The broker believes that Elders' shares are looking cheap at current prices and feels that the market is undervaluing the recent acquisition of Delta Agribusiness. In addition, it sees scope for potential upside catalysts and a strong dividend yield for income investors.
Commenting on its bullish view of the stock, Bell Potter said:
We see value in ELD, particularly with the market appearing to undervalue the pending Delta acquisition. The base business is performing well with multiple growth drivers including recovery from drought conditions, system modernisations, and backward integration benefits. We are attracted to ELD's valuation, which is relatively cheap at 12x 12MF P/E, along with these potential upside catalysts and a strong dividend yield.
GemLife Communities (ASX: GLF)
Bell Potter has added this over 50s lifestyle communities developer to its best ideas list this month.

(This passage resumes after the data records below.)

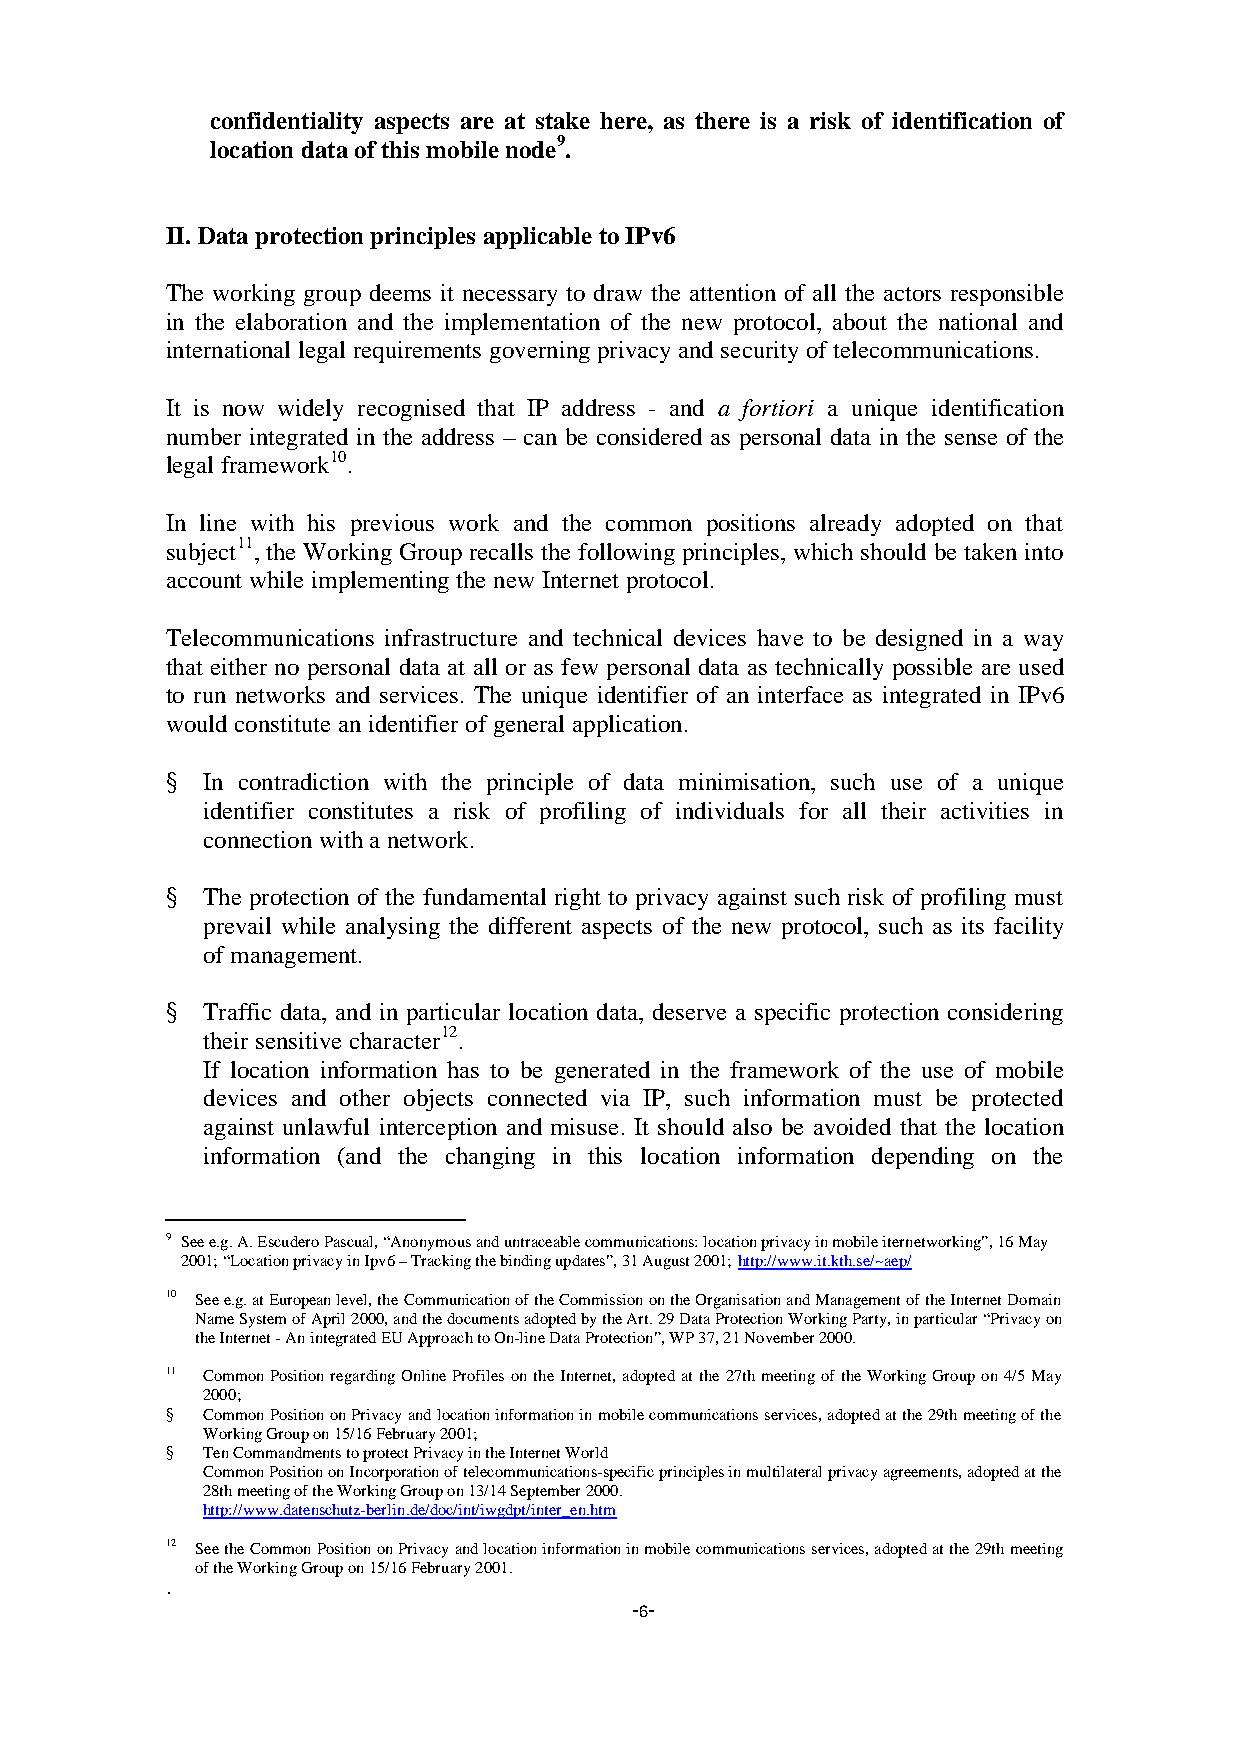
confidentiality aspects are at stake here, as there is a risk of identification of
 location data of this mobile node9.
 II. Data protection principles applicable to IPv6
 The working group deems it necessary to draw the attention of all the actors responsible
 in the elaboration and the implementation of the new protocol, about the national and
 international legal requirements governing privacy and security of telecommunications.
 It is now widely recognised that IP address - and a fortiori a unique identification
 number integrated in the address – can be considered as personal data in the sense of the
 legal framework10.
 In line with his previous work and the common positions already adopted on that
 subject11, the Working Group recalls the following principles, which should be taken into
 account while implementing the new Internet protocol.
 Telecommunications infrastructure and technical devices have to be designed in a way
 that either no personal data at all or as few personal data as technically possible are used
 to run networks and services. The unique identifier of an interface as integrated in IPv6
 would constitute an identifier of general application.
 § In contradiction with the principle of data minimisation, such use of a unique
 identifier constitutes a risk of profiling of individuals for all their activities in
 connection with a network.
 § The protection of the fundamental right to privacy against such risk of profiling must
 prevail while analysing the different aspects of the new protocol, such as its facility
 of management.
 § Traffic data, and in particular location data, deserve a specific protection considering
 their sensitive character12.
 If location information has to be generated in the framework of the use of mobile
 devices and other objects connected via IP, such information must be protected
 against unlawful interception and misuse. It should also be avoided that the location
 information (and the changing in this location information depending on the
 9 See e.g. A. Escudero Pascual, “Anonymous and untraceable communications: location privacy in mobile iternetworking”, 16 May
 2001; “Location privacy in Ipv6 – Tracking the binding updates”, 31 August 2001; http://www.it.kth.se/~aep/
 10 See e.g. at European level, the Communication of the Commission on the Organisation and Management of the Internet Domain
 Name System of April 2000, and the documents adopted by the Art. 29 Data Protection Working Party, in particular “Privacy on
 the Internet - An integrated EU Approach to On-line Data Protection”, WP 37, 21 November 2000.
 11 Common Position regarding Online Profiles on the Internet, adopted at the 27th meeting of the Working Group on 4/5 May
 2000;
 § Common Position on Privacy and location information in mobile communications services, adopted at the 29th meeting of the
 Working Group on 15/16 February 2001;
 § Ten Commandments to protect Privacy in the Internet World
 Common Position on Incorporation of telecommunications-specific principles in multilateral privacy agreements, adopted at the
 28th meeting of the Working Group on 13/14 September 2000.
 http://www.datenschutz-berlin.de/doc/int/iwgdpt/inter_en.htm
 12 See the Common Position on Privacy and location information in mobile communications services, adopted at the 29th meeting
 of the Working Group on 15/16 February 2001.
 .
 -6-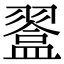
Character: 𥂨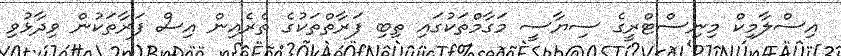
އިސްލާމިކް މިނިސްޓްރީގެ ސިޔާސީ މަގާމްތަކުގައި ތިބި ފަރާތްތަކުގެ ތެރެއިން އިސް ފަރާތަކުން ވިދާޅުވި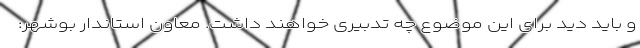
و باید دید برای این موضوع چه تدبیری خواهند داشت. معاون استاندار بوشهر: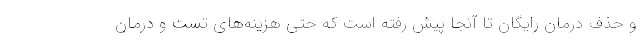
و حذفِ درمان رایگان تا آنجا پیش رفته است که حتی هزینه‌های تست و درمان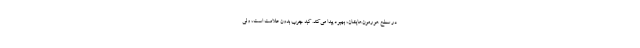
در سطح هورمون‌هایشان، بهبود پیدا می‌کند. کبد چرب بدون علامت است، ولی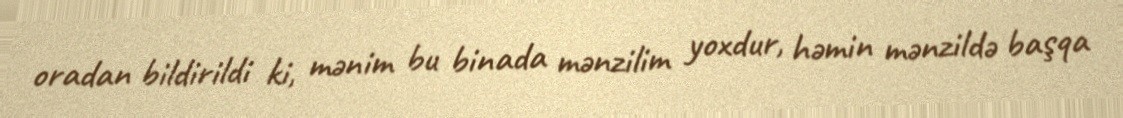
oradan bildirildi ki, mənim bu binada mənzilim yoxdur, həmin mənzildə başqa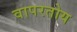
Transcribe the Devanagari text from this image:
वापरतोय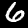
Digit: 6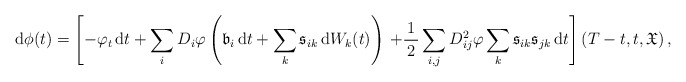
\begin{align*}\ \mathrm{d}\phi(t) =\left[-\varphi_t \, \mathrm{d}t + \sum_i D_i \varphi\left(\mathfrak{b}_i \, \mathrm{d}t + \sum_k \mathfrak{s}_{ik}\, \mathrm{d}W_k(t)\right)\right. \left.+ \frac{1}{\,2\,} \sum_{i,j} D^2_{ij}\varphi \sum_k \mathfrak{s}_{ik}\mathfrak{s}_{jk}\, \mathrm{d}t\right](T-t,t,\mathfrak{X})\,,\end{align*}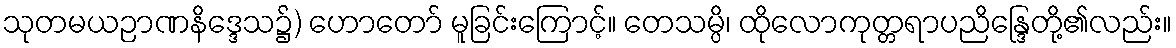
သုတမယဉာဏနိဒ္ဒေသ၌) ဟောတော် မူခြင်းကြောင့်။ တေသမ္ပိ၊ ထိုလောကုတ္တရာပညိန္ဒြေတို့၏လည်း။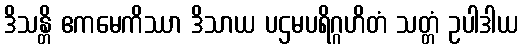
ဒိသန္တိ ဧကမေကိဿာ ဒိသာယ ပဌမပရိဂ္ဂဟိတံ သတ္တံ ဥပါဒါယ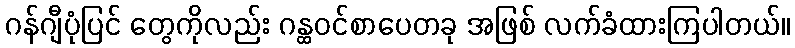
ဂန်ဂျီပုံပြင် တွေကိုလည်း ဂန္ထဝင်စာပေတခု အဖြစ် လက်ခံထားကြပါတယ်။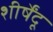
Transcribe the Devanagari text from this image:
शीर्षेंदू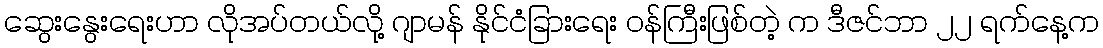
ဆွေးနွေးရေးဟာ လိုအပ်တယ်လို့ ဂျာမန် နိုင်ငံခြားရေး ဝန်ကြီးဖြစ်တဲ့ က ဒီဇင်ဘာ ၂၂ ရက်နေ့က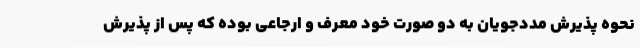
نحوه پذیرش مددجویان به دو صورت خود معرف و ارجاعی بوده که پس از پذیرش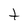
Character: t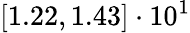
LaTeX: \left[1.22,1.43\right]\cdot 10^{1}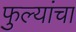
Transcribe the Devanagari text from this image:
फुल्यांचा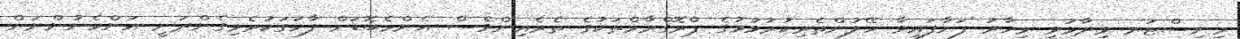
މިނިސްޓަރ ވިދާޅުވީ މިހާރު ފަށާފައިވާ ހޭލުންތެރިކުރުވުމުގެ ޕްރޮގްރާމްތަކުގެ ތެރެއިންވެސް އެންމެބޮޑަށް ފާހަގަކުރެވިގެންދަނީ އަންހެނުންނަށް
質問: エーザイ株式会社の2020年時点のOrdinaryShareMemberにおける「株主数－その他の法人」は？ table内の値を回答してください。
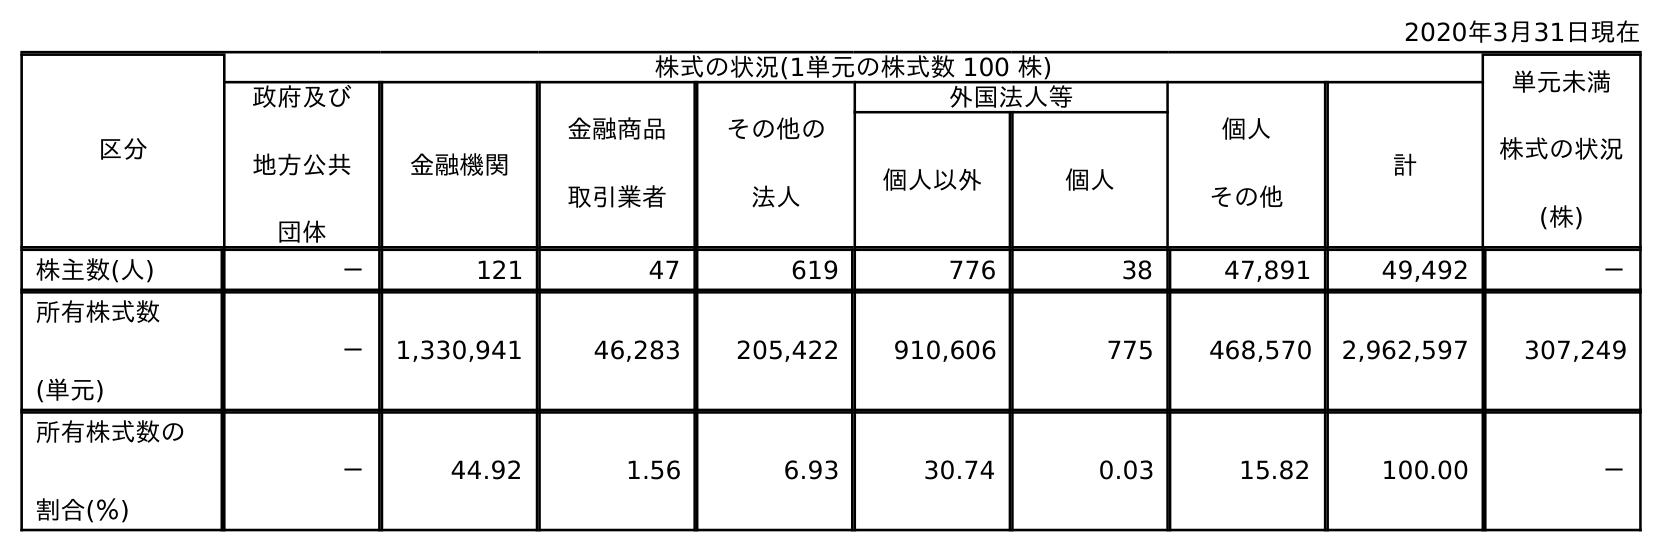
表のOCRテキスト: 2020年3月31日現在 区分 株式の状況(1単元の株式数 100 株) 単元未満 株式の状況 (株) 政府及び 地方公共 団体 金融機関 金融商品 取引業者 その他の 法人 外国法人等 個人 その他 計 個人以外 個人 株主数(人) － 121 47 619 776 38 47,891 49,492 － 所有株式数 (単元) － 1,330,941 46,283 205,422 910,606 775 468,570 2,962,597 307,249 所有株式数の 割合(％) － 44.92 1.56 6.93 30.74 0.03 15.82 100.00 －
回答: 619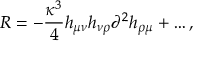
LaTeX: R = - \frac { \kappa ^ { 3 } } 4 h _ { \mu \nu } h _ { \nu \rho } \partial ^ { 2 } h _ { \rho \mu } + \ldots ,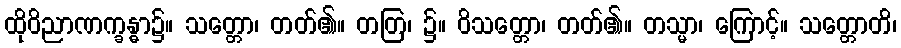
ထိုဝိညာဏက္ခန္ဓာ၌။ သတ္တော၊ တတ်၏။ တတြ၊ ၌။ ဝိသတ္တော၊ တတ်၏။ တသ္မာ၊ ကြောင့်။ သတ္တောတိ၊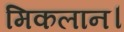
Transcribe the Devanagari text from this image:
मिकलान।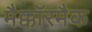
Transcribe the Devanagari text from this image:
मैक्कॉरमैक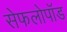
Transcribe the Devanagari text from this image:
सेफलोपॉड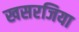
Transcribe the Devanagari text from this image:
खसरजिया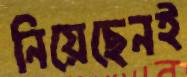
নিয়েছেনই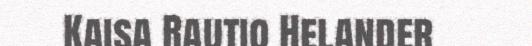
Kaisa Rautio Helander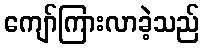
ကျော်ကြားလာခဲ့သည်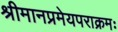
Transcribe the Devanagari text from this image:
श्रीमानप्रमेयपराक्रमः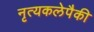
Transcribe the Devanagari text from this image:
नृत्यकलेपैकी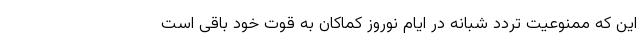
این که ممنوعیت تردد شبانه در ایام نوروز کماکان به قوت خود باقی است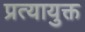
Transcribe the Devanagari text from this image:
प्रत्यायुक्त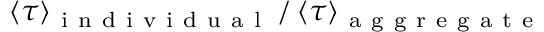
\left\langle \tau \right\rangle _ { \mathrm { ~ i ~ n ~ d ~ i ~ v ~ i ~ d ~ u ~ a ~ l ~ } } / \left\langle \tau \right\rangle _ { \mathrm { ~ a ~ g ~ g ~ r ~ e ~ g ~ a ~ t ~ e ~ } }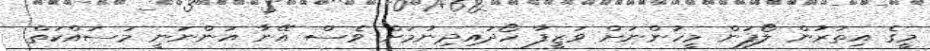
މީގެ އިތުރުން ލޯފަން މީހުންނަށް ވަޒީފާ ހޯދައިދިނުމަށް ވެސް އޭނާ އަންނަނީ މަސައްކަތް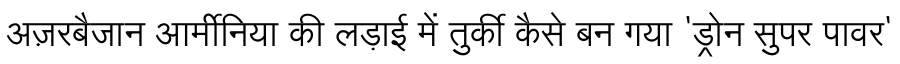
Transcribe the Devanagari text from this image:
अज़रबैजान आर्मीनिया की लड़ाई में तुर्की कैसे बन गया 'ड्रोन सुपर पावर'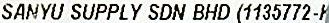
SANYU SUPPLY SDN BHD (1135772-K)

It believes the company is well-placed to benefit from Australia's ageing population and expanding retirement living sector. In fact, Bell Potter estimates that GemLife could deliver a three-year earnings per share compound annual growth rate of 15%.
Commenting on the company, the broker said:
We add GemLife Communities (GLF) to the Small Cap Panel as a high-quality exposure to Australia's ageing population and expanding retirement living sector. The business benefits from an experienced, family led management team with strong alignment through ~43% ownership, supporting long term strategic execution.
With a strong development pipeline and settlements expected to ramp, we forecast a +15% 3 year EPS CAGR, and see the CY25 result as the next major catalyst. The stock looks attractive trading at ~15x FY27 earnings and we anticipate a re-rate as recurring income becomes a bigger contributor of earnings and the market better recognises the resilience and scalability of the model.